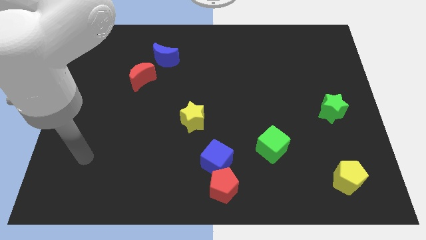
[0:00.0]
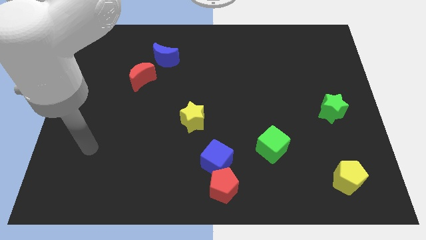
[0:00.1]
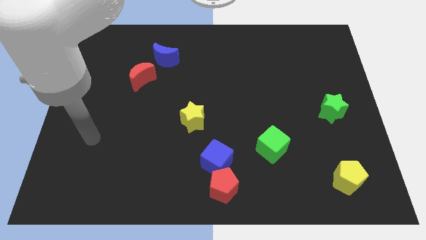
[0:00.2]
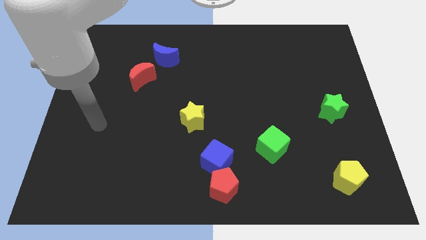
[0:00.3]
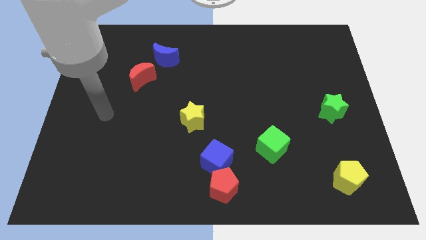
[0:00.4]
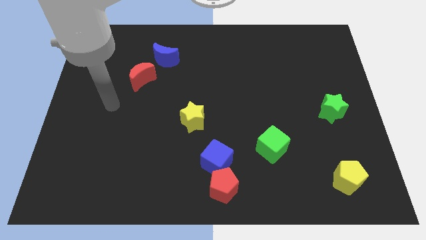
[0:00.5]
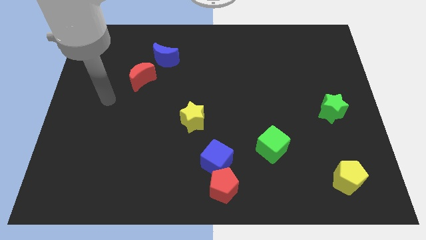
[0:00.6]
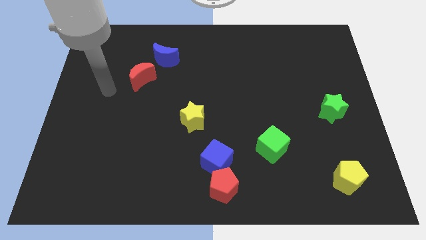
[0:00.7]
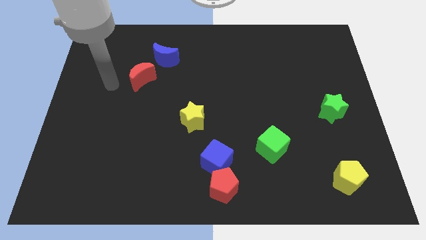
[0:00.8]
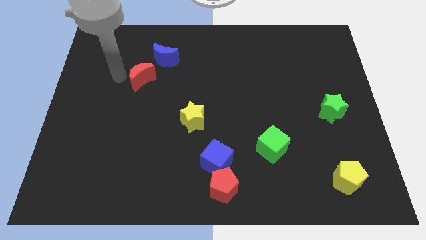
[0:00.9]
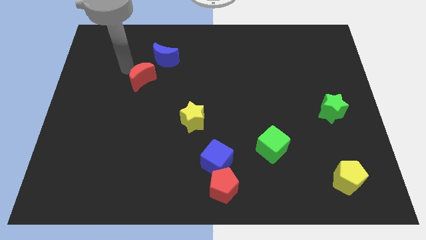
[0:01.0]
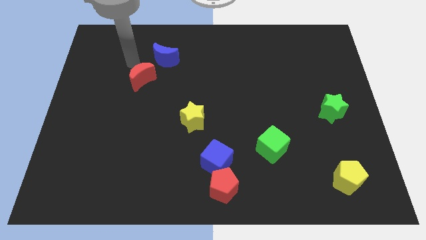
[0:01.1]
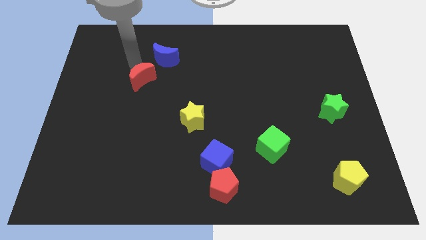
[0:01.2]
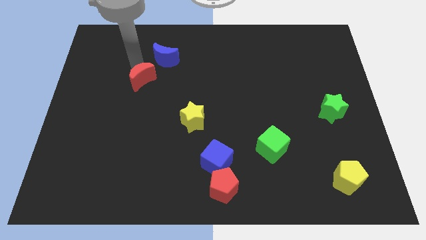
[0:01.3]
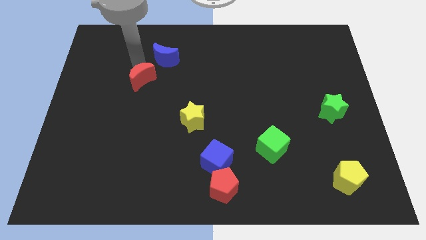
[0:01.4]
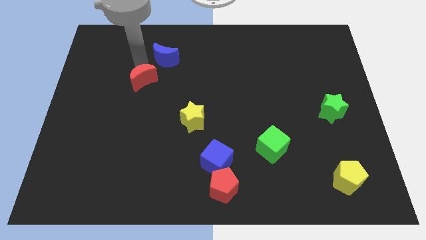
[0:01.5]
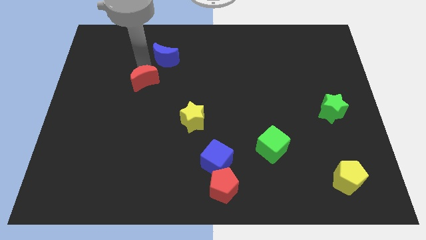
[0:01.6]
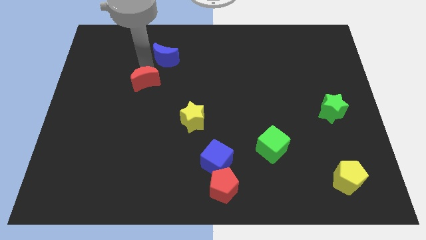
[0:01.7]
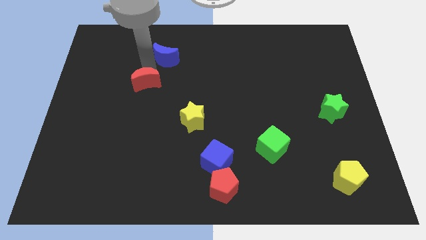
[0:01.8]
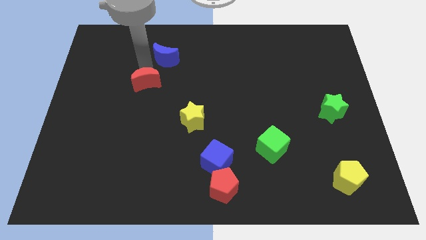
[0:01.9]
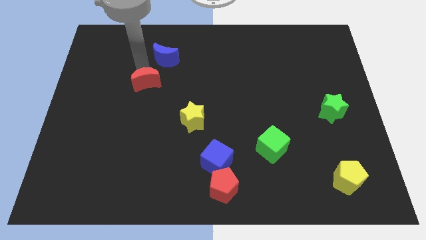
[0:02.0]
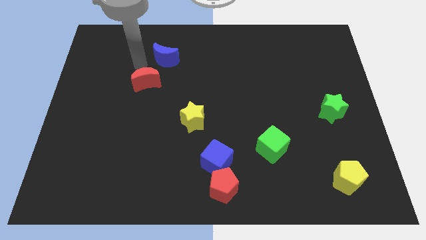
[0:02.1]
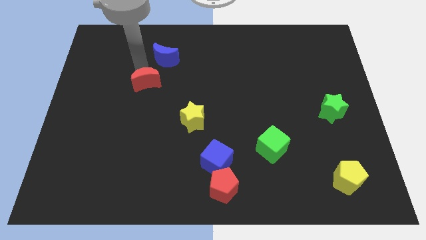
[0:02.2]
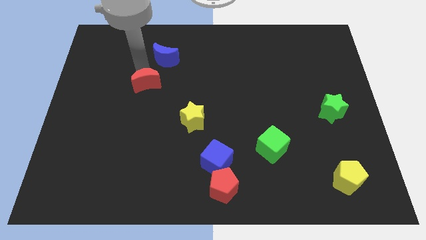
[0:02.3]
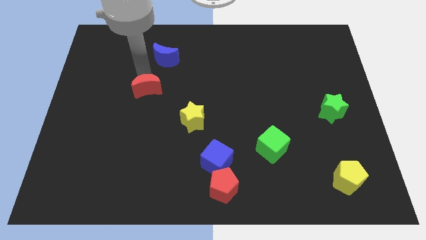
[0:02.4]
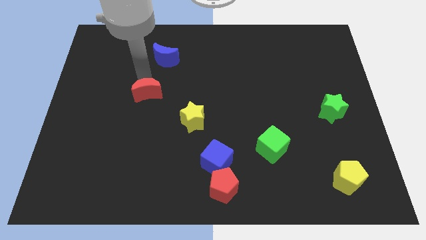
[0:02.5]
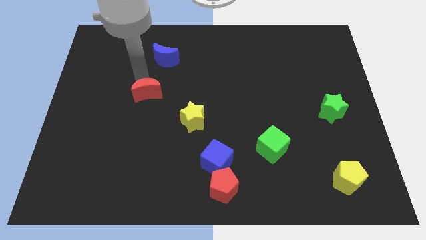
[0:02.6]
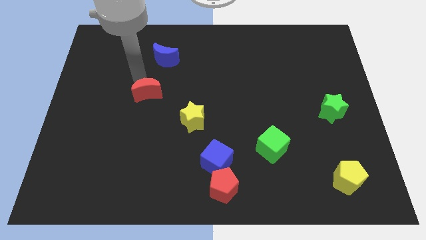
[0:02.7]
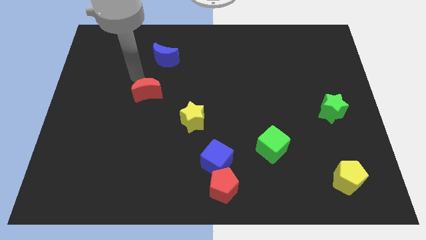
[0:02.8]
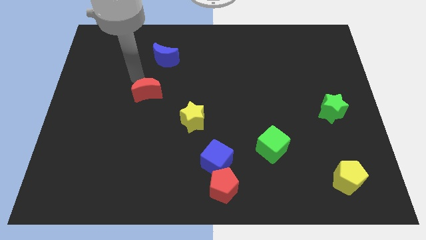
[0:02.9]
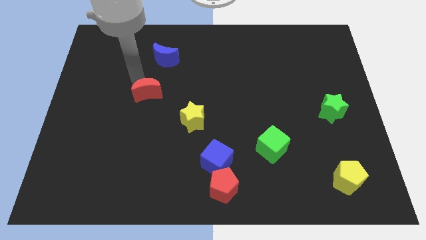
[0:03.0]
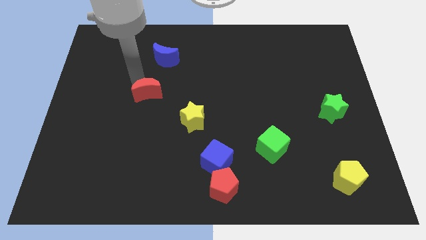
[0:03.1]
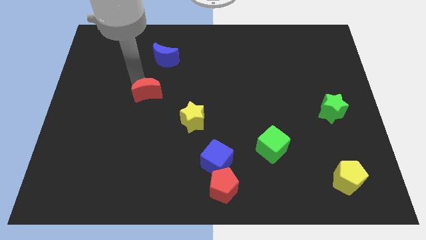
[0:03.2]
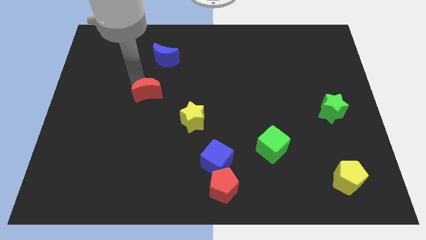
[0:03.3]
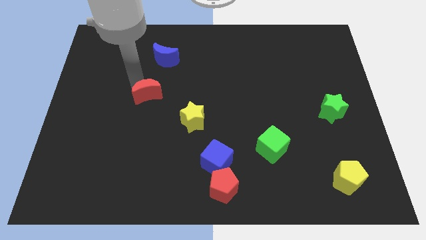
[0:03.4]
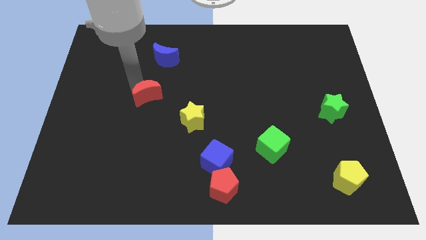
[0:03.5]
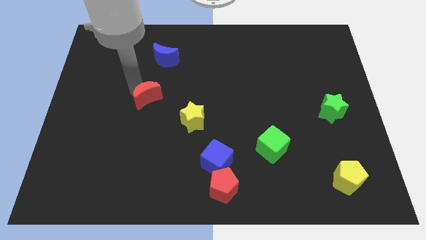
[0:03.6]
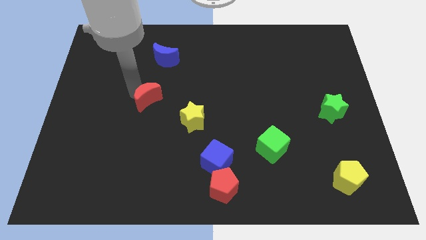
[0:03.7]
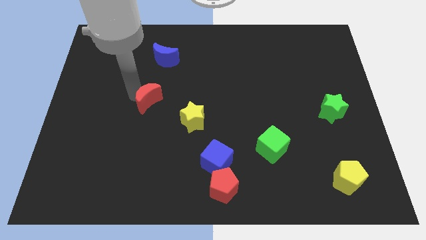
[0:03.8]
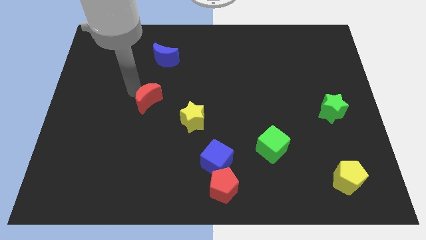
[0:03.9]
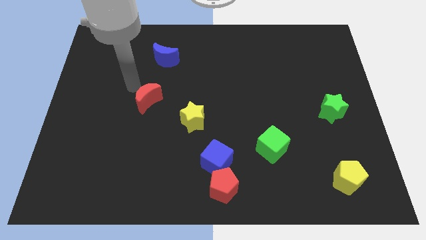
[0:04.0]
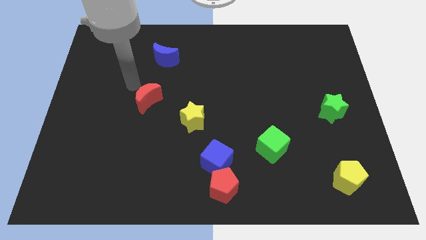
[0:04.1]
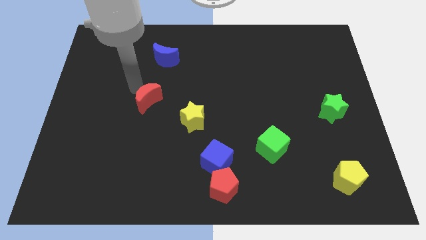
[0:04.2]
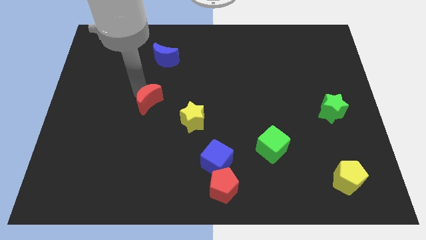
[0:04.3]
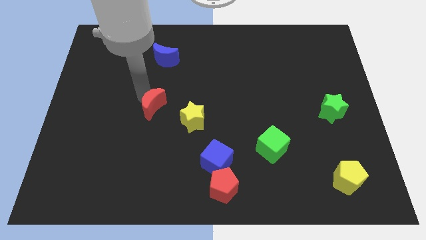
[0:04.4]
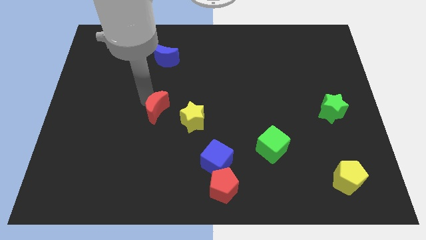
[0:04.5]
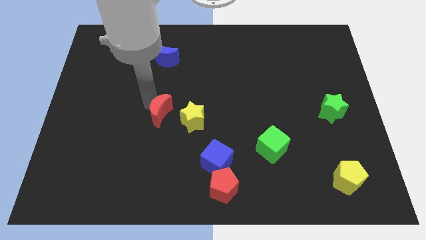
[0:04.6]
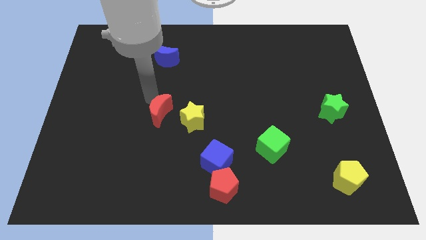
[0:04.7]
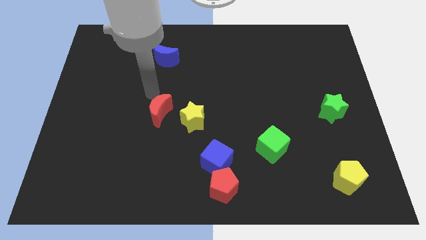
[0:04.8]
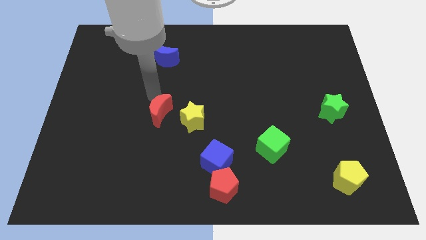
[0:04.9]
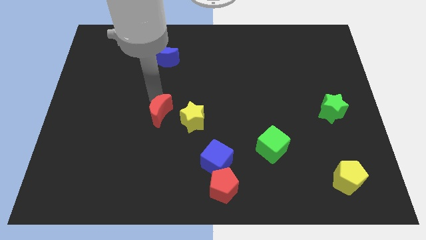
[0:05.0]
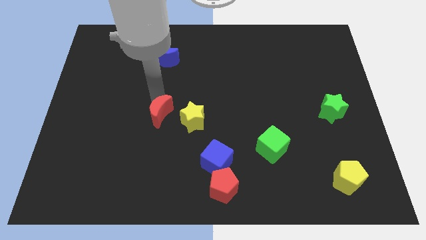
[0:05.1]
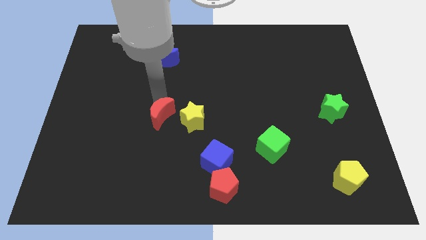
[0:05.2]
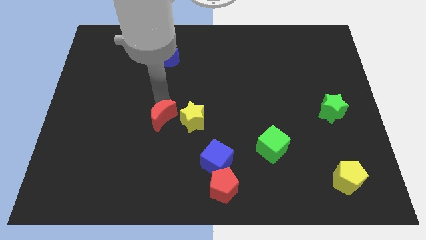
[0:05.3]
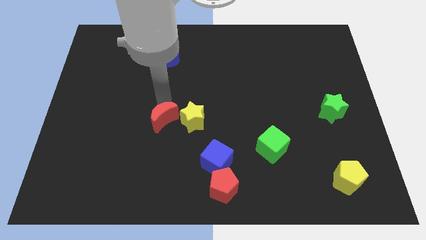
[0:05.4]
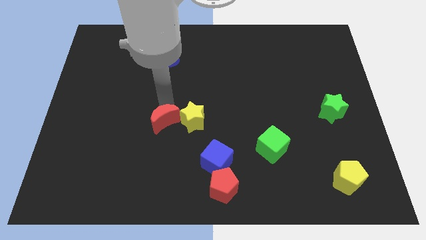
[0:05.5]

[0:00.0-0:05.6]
slide the red moon to the bottom left of the yellow star

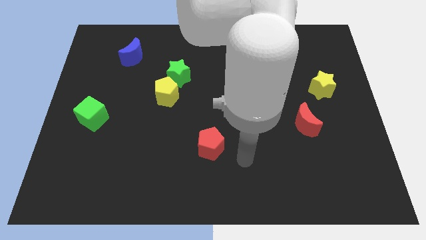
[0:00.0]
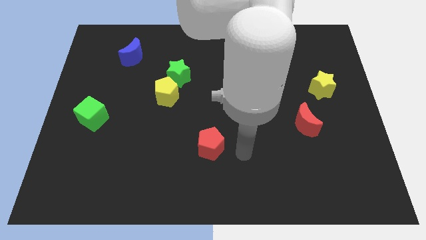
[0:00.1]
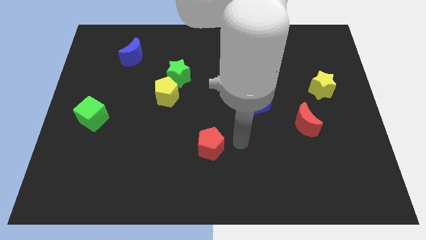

To do: If an entry contains an image, please omit that image and print everything else verbatim.

Output:
[0:00.0]
[0:00.1]
[0:00.2]
[0:00.3]
[0:00.4]
[0:00.5]
[0:00.6]
[0:00.7]
[0:00.8]
[0:00.9]
[0:01.0]
[0:01.1]
[0:01.2]
[0:01.3]
[0:01.4]
[0:01.5]
[0:01.6]
[0:01.7]
[0:01.8]
[0:01.9]
[0:02.0]
[0:02.1]
[0:02.2]
[0:02.3]
[0:02.4]
[0:02.5]
[0:02.6]
[0:02.7]
[0:02.8]
[0:02.9]
[0:03.0]
[0:03.1]
[0:03.2]
[0:03.3]
[0:03.4]
[0:03.5]
[0:03.6]
[0:03.7]
[0:03.8]
[0:03.9]
[0:04.0]
[0:04.1]
[0:04.2]
[0:04.3]
[0:04.4]
[0:04.5]
[0:04.6]
[0:04.7]
[0:04.8]
[0:04.9]
[0:05.0]
[0:05.1]
[0:05.2]
[0:05.3]
[0:05.4]
[0:05.5]

[0:00.0-0:05.6]
slide the red moon to the bottom left of the yellow star

[0:00.0]
[0:00.1]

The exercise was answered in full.